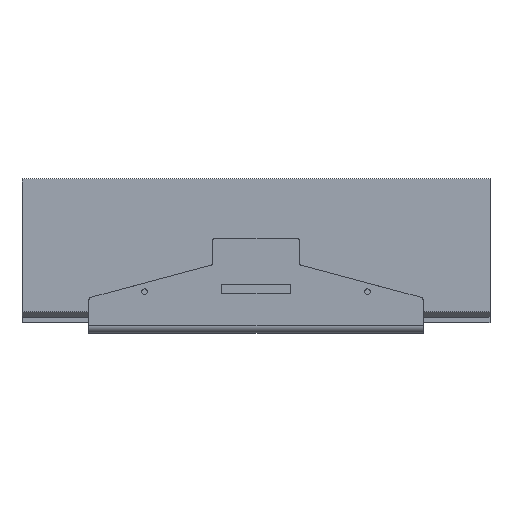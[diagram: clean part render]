
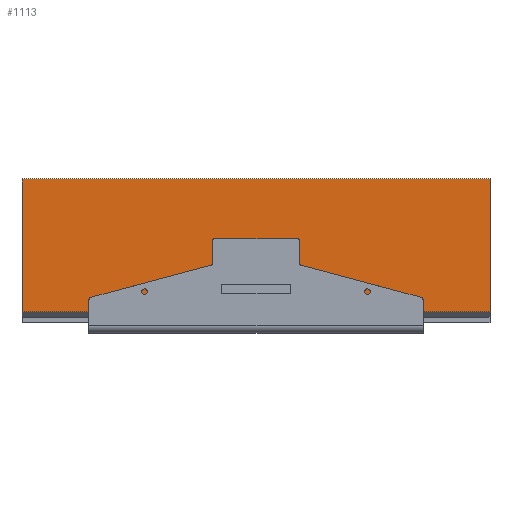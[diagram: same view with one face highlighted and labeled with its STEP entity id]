
A CAD part, top view. The second image highlights one B-rep face of the part: STEP entity #1113.
In plain terms, the highlighted planar face has unit normal (0, 0, 1).
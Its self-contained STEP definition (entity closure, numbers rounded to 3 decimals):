
#558 = VERTEX_POINT('',#559);
#559 = CARTESIAN_POINT('',(65.838,32.812,
    67.829));
#566 = EDGE_CURVE('',#558,#567,#569,.T.);
#567 = VERTEX_POINT('',#568);
#568 = CARTESIAN_POINT('',(-18.162,32.812,
    67.829));
#569 = B_SPLINE_CURVE_WITH_KNOTS('',3,(#570,#571,#572,#573),
  .UNSPECIFIED.,.F.,.F.,(4,4),(0.,1.),.PIECEWISE_BEZIER_KNOTS.);
#570 = CARTESIAN_POINT('',(65.838,32.812,
    67.829));
#571 = CARTESIAN_POINT('',(37.838,32.812,
    67.829));
#572 = CARTESIAN_POINT('',(9.838,32.812,
    67.829));
#573 = CARTESIAN_POINT('',(-18.162,32.812,
    67.829));
#1084 = EDGE_CURVE('',#567,#1085,#1087,.T.);
#1085 = VERTEX_POINT('',#1086);
#1086 = CARTESIAN_POINT('',(-18.162,56.612,
    67.829));
#1087 = B_SPLINE_CURVE_WITH_KNOTS('',3,(#1088,#1089,#1090,#1091),
  .UNSPECIFIED.,.F.,.F.,(4,4),(0.,1.),.PIECEWISE_BEZIER_KNOTS.);
#1088 = CARTESIAN_POINT('',(-18.162,32.812,
    67.829));
#1089 = CARTESIAN_POINT('',(-18.162,40.746,
    67.829));
#1090 = CARTESIAN_POINT('',(-18.162,48.679,
    67.829));
#1091 = CARTESIAN_POINT('',(-18.162,56.612,
    67.829));
#1113 = ADVANCED_FACE('',(#1114),#1134,.F.);
#1114 = FACE_BOUND('',#1115,.F.);
#1115 = EDGE_LOOP('',(#1116,#1117,#1118,#1127));
#1116 = ORIENTED_EDGE('',*,*,#566,.T.);
#1117 = ORIENTED_EDGE('',*,*,#1084,.T.);
#1118 = ORIENTED_EDGE('',*,*,#1119,.F.);
#1119 = EDGE_CURVE('',#1120,#1085,#1122,.T.);
#1120 = VERTEX_POINT('',#1121);
#1121 = CARTESIAN_POINT('',(65.838,56.612,
    67.829));
#1122 = B_SPLINE_CURVE_WITH_KNOTS('',3,(#1123,#1124,#1125,#1126),
  .UNSPECIFIED.,.F.,.F.,(4,4),(0.,1.),.PIECEWISE_BEZIER_KNOTS.);
#1123 = CARTESIAN_POINT('',(65.838,56.612,
    67.829));
#1124 = CARTESIAN_POINT('',(37.838,56.612,
    67.829));
#1125 = CARTESIAN_POINT('',(9.838,56.612,
    67.829));
#1126 = CARTESIAN_POINT('',(-18.162,56.612,
    67.829));
#1127 = ORIENTED_EDGE('',*,*,#1128,.F.);
#1128 = EDGE_CURVE('',#558,#1120,#1129,.T.);
#1129 = B_SPLINE_CURVE_WITH_KNOTS('',3,(#1130,#1131,#1132,#1133),
  .UNSPECIFIED.,.F.,.F.,(4,4),(0.,1.),.PIECEWISE_BEZIER_KNOTS.);
#1130 = CARTESIAN_POINT('',(65.838,32.812,
    67.829));
#1131 = CARTESIAN_POINT('',(65.838,40.746,
    67.829));
#1132 = CARTESIAN_POINT('',(65.838,48.679,
    67.829));
#1133 = CARTESIAN_POINT('',(65.838,56.612,
    67.829));
#1134 = PLANE('',#1135);
#1135 = AXIS2_PLACEMENT_3D('',#1136,#1137,#1138);
#1136 = CARTESIAN_POINT('',(65.838,32.812,
    67.829));
#1137 = DIRECTION('',(0.,0.,-1.));
#1138 = DIRECTION('',(-1.,0.,0.));
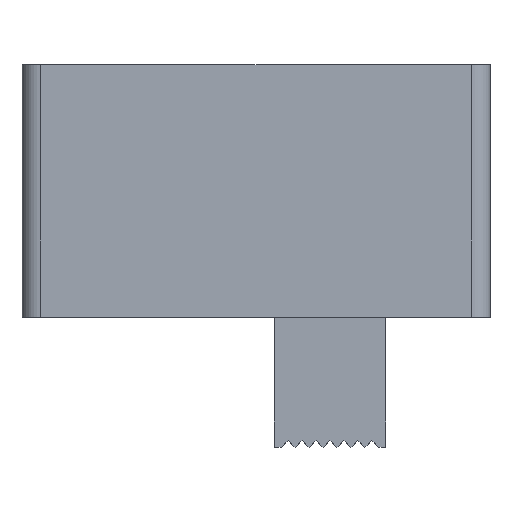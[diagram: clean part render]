
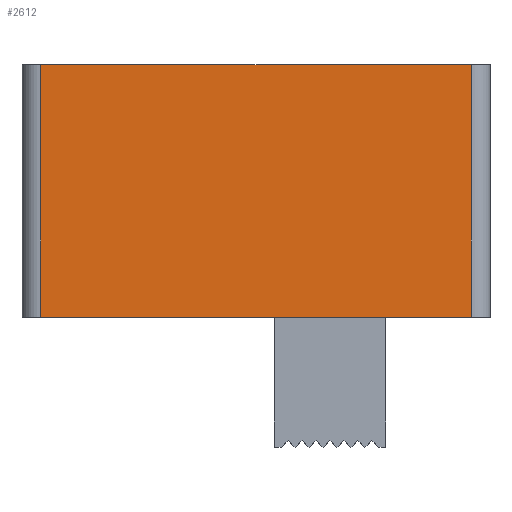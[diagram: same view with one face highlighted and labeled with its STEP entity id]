
A CAD part, top view. The second image highlights one B-rep face of the part: STEP entity #2612.
In plain terms, the highlighted planar face has unit normal (0, 0, 1).
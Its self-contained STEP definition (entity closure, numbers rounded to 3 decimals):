
#169=FACE_OUTER_BOUND('',#310,.T.);
#310=EDGE_LOOP('',(#1837,#1838,#1839,#1840));
#496=LINE('',#3851,#799);
#515=LINE('',#3916,#818);
#516=LINE('',#3919,#819);
#517=LINE('',#3920,#820);
#799=VECTOR('',#3077,10.);
#818=VECTOR('',#3126,10.);
#819=VECTOR('',#3129,10.);
#820=VECTOR('',#3130,10.);
#1082=VERTEX_POINT('',#3847);
#1084=VERTEX_POINT('',#3850);
#1115=VERTEX_POINT('',#3914);
#1116=VERTEX_POINT('',#3918);
#1359=EDGE_CURVE('',#1084,#1082,#496,.T.);
#1392=EDGE_CURVE('',#1115,#1082,#515,.T.);
#1393=EDGE_CURVE('',#1115,#1116,#516,.T.);
#1394=EDGE_CURVE('',#1116,#1084,#517,.T.);
#1837=ORIENTED_EDGE('',*,*,#1359,.T.);
#1838=ORIENTED_EDGE('',*,*,#1392,.F.);
#1839=ORIENTED_EDGE('',*,*,#1393,.T.);
#1840=ORIENTED_EDGE('',*,*,#1394,.T.);
#2481=PLANE('',#2782);
#2612=ADVANCED_FACE('',(#169),#2481,.F.);
#2782=AXIS2_PLACEMENT_3D('',#3917,#3127,#3128);
#3077=DIRECTION('',(0.,1.,0.));
#3126=DIRECTION('',(1.,0.,0.));
#3127=DIRECTION('center_axis',(0.,0.,-1.));
#3128=DIRECTION('ref_axis',(0.,1.,0.));
#3129=DIRECTION('',(0.,-1.,0.));
#3130=DIRECTION('',(1.,0.,0.));
#3847=CARTESIAN_POINT('',(5.8,3.4,4.7));
#3850=CARTESIAN_POINT('',(5.8,-3.4,4.7));
#3851=CARTESIAN_POINT('',(5.8,-1.7,4.7));
#3914=CARTESIAN_POINT('',(-5.8,3.4,4.7));
#3916=CARTESIAN_POINT('',(-6.3,3.4,4.7));
#3917=CARTESIAN_POINT('Origin',(-6.3,-3.4,4.7));
#3918=CARTESIAN_POINT('',(-5.8,-3.4,4.7));
#3919=CARTESIAN_POINT('',(-5.8,-1.7,4.7));
#3920=CARTESIAN_POINT('',(-6.3,-3.4,4.7));
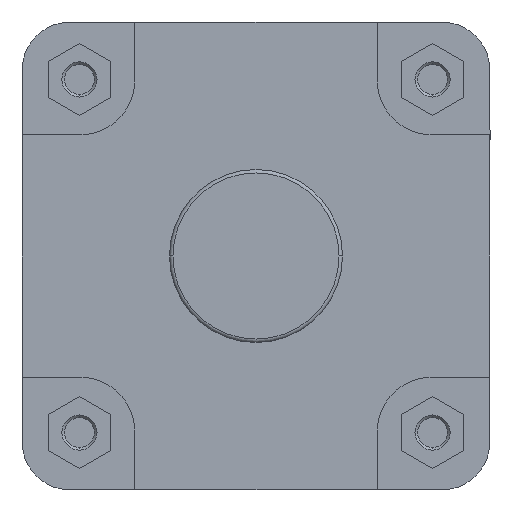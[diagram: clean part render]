
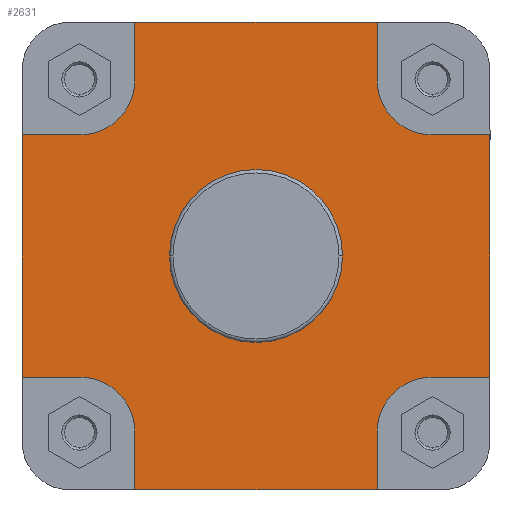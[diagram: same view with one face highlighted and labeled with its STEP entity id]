
A CAD part, left-side view. The second image highlights one B-rep face of the part: STEP entity #2631.
In plain terms, the highlighted planar face has unit normal (-1, 0, 0).
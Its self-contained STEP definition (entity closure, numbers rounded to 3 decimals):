
#33 = LINE ( 'NONE', #6800, #35 ) ;
#35 = VECTOR ( 'NONE', #6808, 1000. ) ;
#44 = LINE ( 'NONE', #6822, #45 ) ;
#45 = VECTOR ( 'NONE', #6823, 1000. ) ;
#47 = VECTOR ( 'NONE', #6838, 1000. ) ;
#48 = VECTOR ( 'NONE', #6833, 1000. ) ;
#49 = CIRCLE ( 'NONE', #5080, 49.9 ) ;
#50 = LINE ( 'NONE', #6826, #48 ) ;
#51 = CIRCLE ( 'NONE', #5079, 31. ) ;
#52 = LINE ( 'NONE', #6837, #55 ) ;
#53 = LINE ( 'NONE', #6832, #47 ) ;
#54 = CIRCLE ( 'NONE', #5081, 31. ) ;
#55 = VECTOR ( 'NONE', #6839, 1000. ) ;
#56 = VECTOR ( 'NONE', #6847, 1000. ) ;
#57 = LINE ( 'NONE', #6841, #58 ) ;
#58 = VECTOR ( 'NONE', #6842, 1000. ) ;
#59 = LINE ( 'NONE', #6846, #62 ) ;
#60 = LINE ( 'NONE', #6840, #56 ) ;
#61 = CIRCLE ( 'NONE', #5083, 31. ) ;
#62 = VECTOR ( 'NONE', #6848, 1000. ) ;
#63 = VECTOR ( 'NONE', #6856, 1000. ) ;
#64 = LINE ( 'NONE', #6850, #65 ) ;
#65 = VECTOR ( 'NONE', #6851, 1000. ) ;
#66 = LINE ( 'NONE', #6855, #69 ) ;
#67 = LINE ( 'NONE', #6849, #63 ) ;
#68 = CIRCLE ( 'NONE', #5084, 31. ) ;
#69 = VECTOR ( 'NONE', #6858, 1000. ) ;
#71 = LINE ( 'NONE', #6860, #72 ) ;
#72 = VECTOR ( 'NONE', #6861, 1000. ) ;
#765 = CIRCLE ( 'NONE', #5234, 49.9 ) ;
#1067 = CARTESIAN_POINT ( 'NONE',  ( 14., -49.9, 0. ) ) ;
#1809 = CARTESIAN_POINT ( 'NONE',  ( 14., 0., 0. ) ) ;
#1810 = DIRECTION ( 'NONE',  ( -1., 0., 0. ) ) ;
#1811 = DIRECTION ( 'NONE',  ( 0., -1., 0. ) ) ;
#1953 = CARTESIAN_POINT ( 'NONE',  ( 14., 101., 70. ) ) ;
#1956 = CARTESIAN_POINT ( 'NONE',  ( 14., -70., 135. ) ) ;
#1974 = CARTESIAN_POINT ( 'NONE',  ( 14., 135., -70. ) ) ;
#1977 = CARTESIAN_POINT ( 'NONE',  ( 14., 135., 70. ) ) ;
#1978 = CARTESIAN_POINT ( 'NONE',  ( 14., 70., 101. ) ) ;
#1979 = CARTESIAN_POINT ( 'NONE',  ( 14., 70., 135. ) ) ;
#1980 = CARTESIAN_POINT ( 'NONE',  ( 14., -70., 101. ) ) ;
#1981 = CARTESIAN_POINT ( 'NONE',  ( 14., -101., 70. ) ) ;
#1982 = CARTESIAN_POINT ( 'NONE',  ( 14., -135., 70. ) ) ;
#1983 = CARTESIAN_POINT ( 'NONE',  ( 14., -135., -70. ) ) ;
#1984 = CARTESIAN_POINT ( 'NONE',  ( 14., -101., -70. ) ) ;
#1985 = CARTESIAN_POINT ( 'NONE',  ( 14., -70., -101. ) ) ;
#1986 = CARTESIAN_POINT ( 'NONE',  ( 14., -70., -135. ) ) ;
#1987 = CARTESIAN_POINT ( 'NONE',  ( 14., 70., -135. ) ) ;
#1988 = CARTESIAN_POINT ( 'NONE',  ( 14., 101., -70. ) ) ;
#1989 = CARTESIAN_POINT ( 'NONE',  ( 14., 70., -101. ) ) ;
#2631 = ADVANCED_FACE ( 'NONE', ( #3695, #3698 ), #6562, .F. ) ;
#3020 = EDGE_LOOP ( 'NONE', ( #3126, #3125 ) ) ;
#3038 = EDGE_LOOP ( 'NONE', ( #3124, #3123, #3122, #3121, #3120, #3119, #3118, #3117, #3116, #3115, #3114, #3113, #3112, #3111, #3110, #3109 ) ) ;
#3109 = ORIENTED_EDGE ( 'NONE', *, *, #4052, .F. ) ;
#3110 = ORIENTED_EDGE ( 'NONE', *, *, #4051, .F. ) ;
#3111 = ORIENTED_EDGE ( 'NONE', *, *, #4050, .F. ) ;
#3112 = ORIENTED_EDGE ( 'NONE', *, *, #4049, .F. ) ;
#3113 = ORIENTED_EDGE ( 'NONE', *, *, #4048, .F. ) ;
#3114 = ORIENTED_EDGE ( 'NONE', *, *, #4047, .F. ) ;
#3115 = ORIENTED_EDGE ( 'NONE', *, *, #4046, .F. ) ;
#3116 = ORIENTED_EDGE ( 'NONE', *, *, #4045, .F. ) ;
#3117 = ORIENTED_EDGE ( 'NONE', *, *, #4044, .F. ) ;
#3118 = ORIENTED_EDGE ( 'NONE', *, *, #4043, .T. ) ;
#3119 = ORIENTED_EDGE ( 'NONE', *, *, #4042, .F. ) ;
#3120 = ORIENTED_EDGE ( 'NONE', *, *, #4041, .F. ) ;
#3121 = ORIENTED_EDGE ( 'NONE', *, *, #4036, .F. ) ;
#3122 = ORIENTED_EDGE ( 'NONE', *, *, #4040, .T. ) ;
#3123 = ORIENTED_EDGE ( 'NONE', *, *, #4030, .F. ) ;
#3124 = ORIENTED_EDGE ( 'NONE', *, *, #4039, .F. ) ;
#3125 = ORIENTED_EDGE ( 'NONE', *, *, #4038, .F. ) ;
#3126 = ORIENTED_EDGE ( 'NONE', *, *, #4723, .F. ) ;
#3695 = FACE_BOUND ( 'NONE', #3020, .T. ) ;
#3698 = FACE_OUTER_BOUND ( 'NONE', #3038, .T. ) ;
#3790 = VERTEX_POINT ( 'NONE', #6749 ) ;
#4030 = EDGE_CURVE ( 'NONE', #5380, #5382, #33, .T. ) ;
#4036 = EDGE_CURVE ( 'NONE', #5378, #5379, #44, .T. ) ;
#4038 = EDGE_CURVE ( 'NONE', #3790, #4187, #49, .T. ) ;
#4039 = EDGE_CURVE ( 'NONE', #5382, #5381, #51, .T. ) ;
#4040 = EDGE_CURVE ( 'NONE', #5380, #5379, #50, .T. ) ;
#4041 = EDGE_CURVE ( 'NONE', #5377, #5378, #54, .T. ) ;
#4042 = EDGE_CURVE ( 'NONE', #5376, #5377, #53, .T. ) ;
#4043 = EDGE_CURVE ( 'NONE', #5376, #5375, #52, .T. ) ;
#4044 = EDGE_CURVE ( 'NONE', #5374, #5375, #57, .T. ) ;
#4045 = EDGE_CURVE ( 'NONE', #5373, #5374, #61, .T. ) ;
#4046 = EDGE_CURVE ( 'NONE', #5372, #5373, #60, .T. ) ;
#4047 = EDGE_CURVE ( 'NONE', #5371, #5372, #59, .T. ) ;
#4048 = EDGE_CURVE ( 'NONE', #5369, #5371, #64, .T. ) ;
#4049 = EDGE_CURVE ( 'NONE', #5368, #5369, #68, .T. ) ;
#4050 = EDGE_CURVE ( 'NONE', #5367, #5368, #67, .T. ) ;
#4051 = EDGE_CURVE ( 'NONE', #5366, #5367, #66, .T. ) ;
#4052 = EDGE_CURVE ( 'NONE', #5381, #5366, #71, .T. ) ;
#4187 = VERTEX_POINT ( 'NONE', #1067 ) ;
#4723 = EDGE_CURVE ( 'NONE', #4187, #3790, #765, .T. ) ;
#5018 = AXIS2_PLACEMENT_3D ( 'NONE', #6561, #6563, #6564 ) ;
#5079 = AXIS2_PLACEMENT_3D ( 'NONE', #6829, #6830, #6831 ) ;
#5080 = AXIS2_PLACEMENT_3D ( 'NONE', #6824, #6827, #6828 ) ;
#5081 = AXIS2_PLACEMENT_3D ( 'NONE', #6834, #6835, #6836 ) ;
#5083 = AXIS2_PLACEMENT_3D ( 'NONE', #6843, #6844, #6845 ) ;
#5084 = AXIS2_PLACEMENT_3D ( 'NONE', #6852, #6853, #6854 ) ;
#5234 = AXIS2_PLACEMENT_3D ( 'NONE', #1809, #1810, #1811 ) ;
#5366 = VERTEX_POINT ( 'NONE', #1974 ) ;
#5367 = VERTEX_POINT ( 'NONE', #1977 ) ;
#5368 = VERTEX_POINT ( 'NONE', #1953 ) ;
#5369 = VERTEX_POINT ( 'NONE', #1978 ) ;
#5371 = VERTEX_POINT ( 'NONE', #1979 ) ;
#5372 = VERTEX_POINT ( 'NONE', #1956 ) ;
#5373 = VERTEX_POINT ( 'NONE', #1980 ) ;
#5374 = VERTEX_POINT ( 'NONE', #1981 ) ;
#5375 = VERTEX_POINT ( 'NONE', #1982 ) ;
#5376 = VERTEX_POINT ( 'NONE', #1983 ) ;
#5377 = VERTEX_POINT ( 'NONE', #1984 ) ;
#5378 = VERTEX_POINT ( 'NONE', #1985 ) ;
#5379 = VERTEX_POINT ( 'NONE', #1986 ) ;
#5380 = VERTEX_POINT ( 'NONE', #1987 ) ;
#5381 = VERTEX_POINT ( 'NONE', #1988 ) ;
#5382 = VERTEX_POINT ( 'NONE', #1989 ) ;
#6561 = CARTESIAN_POINT ( 'NONE',  ( 14., 49.9, 0. ) ) ;
#6562 = PLANE ( 'NONE',  #5018 ) ;
#6563 = DIRECTION ( 'NONE',  ( 1., 0., 0. ) ) ;
#6564 = DIRECTION ( 'NONE',  ( 0., 1., 0. ) ) ;
#6749 = CARTESIAN_POINT ( 'NONE',  ( 14., 49.9, 0. ) ) ;
#6800 = CARTESIAN_POINT ( 'NONE',  ( 14., 70., -135. ) ) ;
#6808 = DIRECTION ( 'NONE',  ( 0., 0., 1. ) ) ;
#6822 = CARTESIAN_POINT ( 'NONE',  ( 14., -70., -101. ) ) ;
#6823 = DIRECTION ( 'NONE',  ( 0., 0., -1. ) ) ;
#6824 = CARTESIAN_POINT ( 'NONE',  ( 14., 0., 0. ) ) ;
#6826 = CARTESIAN_POINT ( 'NONE',  ( 14., -297.141, -135. ) ) ;
#6827 = DIRECTION ( 'NONE',  ( -1., 0., 0. ) ) ;
#6828 = DIRECTION ( 'NONE',  ( 0., -1., 0. ) ) ;
#6829 = CARTESIAN_POINT ( 'NONE',  ( 14., 101., -101. ) ) ;
#6830 = DIRECTION ( 'NONE',  ( -1., 0., 0. ) ) ;
#6831 = DIRECTION ( 'NONE',  ( 0., 1., 0. ) ) ;
#6832 = CARTESIAN_POINT ( 'NONE',  ( 14., -135., -70. ) ) ;
#6833 = DIRECTION ( 'NONE',  ( 0., -1., 0. ) ) ;
#6834 = CARTESIAN_POINT ( 'NONE',  ( 14., -101., -101. ) ) ;
#6835 = DIRECTION ( 'NONE',  ( -1., 0., 0. ) ) ;
#6836 = DIRECTION ( 'NONE',  ( 0., 0., -1. ) ) ;
#6837 = CARTESIAN_POINT ( 'NONE',  ( 14., -135., 0. ) ) ;
#6838 = DIRECTION ( 'NONE',  ( 0., 1., 0. ) ) ;
#6839 = DIRECTION ( 'NONE',  ( 0., 0., 1. ) ) ;
#6840 = CARTESIAN_POINT ( 'NONE',  ( 14., -70., 135. ) ) ;
#6841 = CARTESIAN_POINT ( 'NONE',  ( 14., -101., 70. ) ) ;
#6842 = DIRECTION ( 'NONE',  ( 0., -1., 0. ) ) ;
#6843 = CARTESIAN_POINT ( 'NONE',  ( 14., -101., 101. ) ) ;
#6844 = DIRECTION ( 'NONE',  ( -1., 0., 0. ) ) ;
#6845 = DIRECTION ( 'NONE',  ( 0., -1., 0. ) ) ;
#6846 = CARTESIAN_POINT ( 'NONE',  ( 14., -297.141, 135. ) ) ;
#6847 = DIRECTION ( 'NONE',  ( 0., 0., -1. ) ) ;
#6848 = DIRECTION ( 'NONE',  ( 0., -1., 0. ) ) ;
#6849 = CARTESIAN_POINT ( 'NONE',  ( 14., 135., 70. ) ) ;
#6850 = CARTESIAN_POINT ( 'NONE',  ( 14., 70., 101. ) ) ;
#6851 = DIRECTION ( 'NONE',  ( 0., 0., 1. ) ) ;
#6852 = CARTESIAN_POINT ( 'NONE',  ( 14., 101., 101. ) ) ;
#6853 = DIRECTION ( 'NONE',  ( -1., 0., 0. ) ) ;
#6854 = DIRECTION ( 'NONE',  ( 0., 0., 1. ) ) ;
#6855 = CARTESIAN_POINT ( 'NONE',  ( 14., 135., 0. ) ) ;
#6856 = DIRECTION ( 'NONE',  ( 0., -1., 0. ) ) ;
#6858 = DIRECTION ( 'NONE',  ( 0., 0., 1. ) ) ;
#6860 = CARTESIAN_POINT ( 'NONE',  ( 14., 101., -70. ) ) ;
#6861 = DIRECTION ( 'NONE',  ( 0., 1., 0. ) ) ;
━━━━━━━━━━━━━━━━━━━━
**WHAT THE TASK ASKS**: Respond with one number, the count of lines of the material that include "highlights".

**SOLUTION BELOW**: 3